Vi que estábamos condenados a la extinción tras el
primer mordisco. Dimos paso a una devoradora raza superior, caminantes sin
rumbo con maestría en el exceso; desborde natural. Siempre había visto en las
películas escenas oscuras donde las muchachas gritaban aterrorizadas ante la
sangre, la carne, los culos que volaban en todas direcciones, el gorgoteo de
los cuellos aún vivos que transmutaban, pero la realidad nada tuvo que ver, al
contrario, fuimos los hombres quienes huimos con mayor insistencia,
aterrorizados del encuentro más vital. En la carne nos encontramos, en la carne
renacemos, pero nosotros siempre con miedo.
Ellas, por su lado, cayeron en sus brazos sin mayor
resistencia, como si al sentirlos cerca un trance las dominara sin más. A pesar
de que corrí con lágrimas en los ojos, en el fondo me llenaba la envidia
¡Cuánta libertad!
Fue igual cuando llegaron a la puerta de nuestro
escondite. Había arrastrado a una chica del trabajo hasta el fin del mundo, y
aunque ella se resistió un poco (odio manifiesto en el día y lamentos quedos en
la noche), yo guardaba la esperanza de que al pasar la tragedia pudiéramos
continuar juntos reconstruyendo la vida. Tonto de mí.

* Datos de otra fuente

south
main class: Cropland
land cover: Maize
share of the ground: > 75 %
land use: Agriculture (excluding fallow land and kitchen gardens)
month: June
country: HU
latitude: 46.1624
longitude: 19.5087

Cuando rompieron la puerta me cogieron con los
pantalones abajo, ella se soltó para entregarse a la nueva vida. Mi primer
ademán fue huir, pero al escuchar como la devoraban; con cuánta felicidad se
transformaba; no pude evitar caer de rodillas con mocos escurriéndose a mi boca,
entre desesperado y loco, esperando la muerte. Ahora puedo entender, ¿cómo pudo
resistirse tanto tiempo? Ella sabía lo que venía. Si hubiera sabido, me habría
entregado por igual. Nada más siento los dientes zumbar sobre mi cuello; esa
presencia sin tocarme la carne, la sangre, la muerte que llega… Cuánto placer…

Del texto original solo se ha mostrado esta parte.